上野の東京都美術館で行われている『没後50年 藤田嗣治展』(主催東京都美術館朝日新聞社、NHK、NHKプロモーショ)ンへ行きました。
画家藤田嗣治(以下藤田)の質、量ともに史上最大規模の回顧展で、国内外から集められた初藤田作品100点以上が展示されています。
私にとって、藤田嗣治は「エコール・ド・パリ」や「モンパルナス」に関連する作家の絵を見に行くとよく名前を耳にする作家です。
そして、マッシュルームカットと丸眼鏡の出で立ちのインパクトのある自画像と猫の絵のイメージが強かったです。
でも、公開される作品が今まであまりなく、実際の絵に触れる機会はありませんでした。
このように私にとって藤田作品は、知っているようで知らない秘密のベールに包まれていました。
その藤田の作品をこれだけの多く見る機会はめったにないと思い今回、(たまたま、館内で知人の写真展があり観に行く約束をしていたので、これは運命だと思い)見に行きました。

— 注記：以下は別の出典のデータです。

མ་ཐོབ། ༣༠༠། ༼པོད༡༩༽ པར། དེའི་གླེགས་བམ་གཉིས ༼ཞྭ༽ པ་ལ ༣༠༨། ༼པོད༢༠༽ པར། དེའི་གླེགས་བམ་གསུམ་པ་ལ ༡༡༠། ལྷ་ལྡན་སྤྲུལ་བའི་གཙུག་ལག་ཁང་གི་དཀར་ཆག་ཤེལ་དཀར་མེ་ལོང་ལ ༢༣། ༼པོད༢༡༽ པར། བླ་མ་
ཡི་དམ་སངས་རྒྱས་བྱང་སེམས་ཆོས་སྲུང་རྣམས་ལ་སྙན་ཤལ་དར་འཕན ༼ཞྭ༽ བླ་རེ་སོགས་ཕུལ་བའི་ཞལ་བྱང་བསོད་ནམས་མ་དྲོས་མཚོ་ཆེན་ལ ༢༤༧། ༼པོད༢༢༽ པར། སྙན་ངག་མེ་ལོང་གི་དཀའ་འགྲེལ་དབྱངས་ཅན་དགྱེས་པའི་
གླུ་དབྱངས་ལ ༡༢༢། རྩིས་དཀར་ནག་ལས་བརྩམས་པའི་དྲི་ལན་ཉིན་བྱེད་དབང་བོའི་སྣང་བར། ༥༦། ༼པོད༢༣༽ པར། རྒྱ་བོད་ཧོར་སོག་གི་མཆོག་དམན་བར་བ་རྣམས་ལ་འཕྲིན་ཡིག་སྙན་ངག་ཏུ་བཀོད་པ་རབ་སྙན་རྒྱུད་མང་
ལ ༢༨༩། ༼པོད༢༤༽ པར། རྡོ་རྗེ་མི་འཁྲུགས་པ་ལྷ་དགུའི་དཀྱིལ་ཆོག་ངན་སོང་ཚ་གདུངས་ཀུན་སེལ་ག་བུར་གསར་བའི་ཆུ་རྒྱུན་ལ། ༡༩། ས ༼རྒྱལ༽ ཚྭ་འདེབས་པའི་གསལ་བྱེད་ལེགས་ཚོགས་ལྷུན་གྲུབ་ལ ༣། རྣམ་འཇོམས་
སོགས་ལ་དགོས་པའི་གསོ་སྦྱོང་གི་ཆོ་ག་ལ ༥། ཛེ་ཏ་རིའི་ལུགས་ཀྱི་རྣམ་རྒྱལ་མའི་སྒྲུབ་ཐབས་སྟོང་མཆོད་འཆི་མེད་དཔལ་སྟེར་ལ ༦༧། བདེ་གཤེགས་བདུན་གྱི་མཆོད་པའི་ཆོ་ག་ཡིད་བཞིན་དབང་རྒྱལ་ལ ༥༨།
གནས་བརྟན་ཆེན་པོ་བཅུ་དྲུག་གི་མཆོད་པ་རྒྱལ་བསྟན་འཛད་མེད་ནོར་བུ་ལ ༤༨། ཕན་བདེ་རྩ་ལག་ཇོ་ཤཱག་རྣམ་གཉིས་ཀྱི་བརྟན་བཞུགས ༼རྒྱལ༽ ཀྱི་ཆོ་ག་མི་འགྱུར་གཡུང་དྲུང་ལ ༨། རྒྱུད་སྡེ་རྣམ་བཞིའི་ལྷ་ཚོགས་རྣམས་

展覧会は、8章構成になっていて、初期から晩年まで時系列で藤田の絵を追いながら藤田のストーリーに触れることが出来ます。
第1章、第2章
第1章「原風景・家族と風景」では、藤田が東京美術学校(現東京藝術大学)に在学中の明るく柔らかな作品などが展示されています。
第2章「はじまりのパリ・第一次世界大戦をはさんで」は、日本からパリに渡り、静謐で哀愁を帯びた風景画を多く描きます。
第3章、第4章
第3章「1920年代の自画像と肖像・『時代』をまとうひとの姿」
トレードマークの丸眼鏡とおかっぱ頭のどこかキャラクター化した藤田の自画像です。『自画像』(1929年 国立近代美術館蔵)

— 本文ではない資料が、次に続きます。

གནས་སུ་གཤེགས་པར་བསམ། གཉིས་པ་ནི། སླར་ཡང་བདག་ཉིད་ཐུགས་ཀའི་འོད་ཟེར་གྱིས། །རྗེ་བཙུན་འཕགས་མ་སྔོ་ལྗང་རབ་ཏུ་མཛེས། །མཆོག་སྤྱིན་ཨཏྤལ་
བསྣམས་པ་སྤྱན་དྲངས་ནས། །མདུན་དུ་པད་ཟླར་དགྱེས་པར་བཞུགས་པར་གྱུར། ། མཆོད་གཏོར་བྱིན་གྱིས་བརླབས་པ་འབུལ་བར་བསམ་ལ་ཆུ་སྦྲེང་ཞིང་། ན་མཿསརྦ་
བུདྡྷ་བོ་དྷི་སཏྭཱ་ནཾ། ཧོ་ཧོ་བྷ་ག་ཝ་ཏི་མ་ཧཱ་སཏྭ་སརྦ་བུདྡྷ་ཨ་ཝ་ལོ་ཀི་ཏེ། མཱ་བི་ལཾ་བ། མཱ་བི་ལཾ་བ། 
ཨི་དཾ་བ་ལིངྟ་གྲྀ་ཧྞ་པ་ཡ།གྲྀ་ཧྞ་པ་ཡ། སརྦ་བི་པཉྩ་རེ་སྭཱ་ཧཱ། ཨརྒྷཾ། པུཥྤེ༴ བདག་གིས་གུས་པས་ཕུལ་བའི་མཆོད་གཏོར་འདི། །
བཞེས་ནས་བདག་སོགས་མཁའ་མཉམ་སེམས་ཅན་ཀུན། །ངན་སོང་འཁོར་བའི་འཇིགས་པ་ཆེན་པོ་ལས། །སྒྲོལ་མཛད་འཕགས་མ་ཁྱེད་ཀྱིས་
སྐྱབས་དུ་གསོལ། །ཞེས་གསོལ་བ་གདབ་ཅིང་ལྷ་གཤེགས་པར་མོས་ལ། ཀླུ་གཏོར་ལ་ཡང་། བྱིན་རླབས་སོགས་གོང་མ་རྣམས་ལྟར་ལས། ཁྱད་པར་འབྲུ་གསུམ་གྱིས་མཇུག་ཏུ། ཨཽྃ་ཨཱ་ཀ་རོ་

このように、自分をPRする術を知っている?パリっ子の間でも有名になりました。
墨を使い面相筆で描く様子の自画像ですが、これで日本的技術を取り入れた独自の画法を確立します。
「第4章『乳白色の裸婦』の時代」
1920年代の藤田の最盛期の作品群『乳白色の裸婦』です。繊細さと柔らかさ、透明感のある肌が艶っぽい乳白色の裸婦をここで、堪能出来ます。

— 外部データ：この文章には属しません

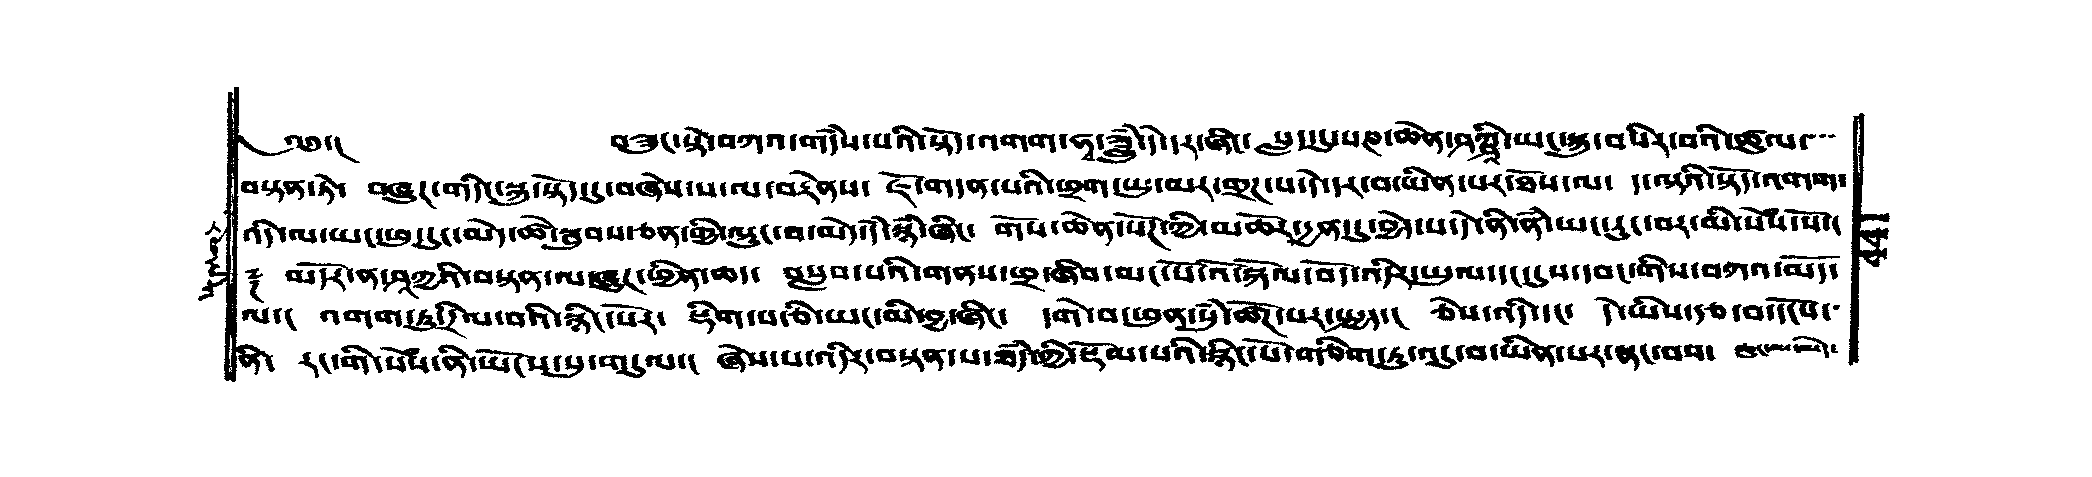བཟུང་སྟེ་བཀའ་གདམས་པའི་སྟོད་འགག་ཧྭ་ཟླུམ་དེ་དར་ཞིང་། སླད་དུ་པཎ་ཆེན་ཤཱཀྱ་ཤྲཱི་ཡང་སྐུ་བསིལ་བའི་ཚུལ་
བསྟན་ཏེ། བཞུགས་གདིང་སྐུ་སྟོད་དུ་བཞེས་པ་ལ་བརྟེན་ནས། ཇོ་གདན་པའི་ཕྲག་ཡུ་མར་གྲགས་པ་དེ་དར་བ་ཡིན་པར་ཐོས་ལ། ད་ལྟའི་སྟོད་འགག་
འདི་ལ་ཡང་ཕུ་དུང་མེད་ཚེ་སྦུབས་ཅན་གྱི་ལྟུང་བ་མེད་དམ་སྙམ་ཞིང་། གོས་ཆེན་སོགས་ཀྱི་མཆོར་རྒྱན་དུ་བྱེད་པ་དེ་ནི་ནམ་ཡང་རུང་བར་མི་སེམས་སོ། 
མདོར་ན་ཤཱཀྱའི་བསྟན་ལ་ཞུགས་ཕྱིན་ཆད། བསླབ་པའི་གནས་ཕྲ་ཞིབ་མང་པོ་འོ་སྐོལ་བོད་འདིར་ཡུལ་དང་དུས་དབང་གིས་བཀའ་མོད་
ལ། འགག་ཏུ་དྲིལ་བའི་སྙིང་པོར། སྡིག་པ་ཅི་ཡང་མི་བྱ་ཞིང་། དགེ་བ་ཕུན་སུམ་ཚོགས་པར་སྤྱད། ཅེས་འདི་དང་། དེ་ཡིས་རྩ་བ་དངོས་
ནི། རང་གི་སེམས་ནི་ཡོངས་སུ་གདུལ། ཞེས་པ་འདིར་བསྟན་པ་ཐམས་ཅད་ཀྱི་སྡོམ་པའི་སྙིང་པོ་གཅིག་ཏུ་འདུ་བ་ཡིན་པར་སྣང་བས་

浮世絵を参考にして筆と墨を使い東洋的な技法を取り入れ、今までになかった透明感のある色を使って独自の技法を生み出していくプロセスを見ることが出来ます。
それが「乳白色の下地」で、作品を追うごとに乳白色の下地がより美しく完成度が高められていきます。
乳白色の下地は、近年、絵が修復されたときその秘密が解き明かされ、和光堂のシッカロールなども下地に使っていたそうです。
乳白色の下地を最も効果的に生かせるモチーフが裸婦像で、この裸婦の絵がパリで熱狂的に支持され藤田は、フランス画壇の寵児になります。
『バラ』(1922年 ユニマットグループ蔵)
花瓶の縞模様と伸び上がった薔薇の茎は、繋がって連続性があります。花瓶の下の装飾的なクロスの植物との対比が面白いです。
第5章、第6章
「第5章 1930年代・旅する画家・北米・中南米・アジア」
世界恐慌後に絵画の値段が暴落し、経済的にも家庭生活も破綻した後、藤田は北米、中南米、アジアへ旅をしながら異文化と触れ合い様々な国の人を描いていきます。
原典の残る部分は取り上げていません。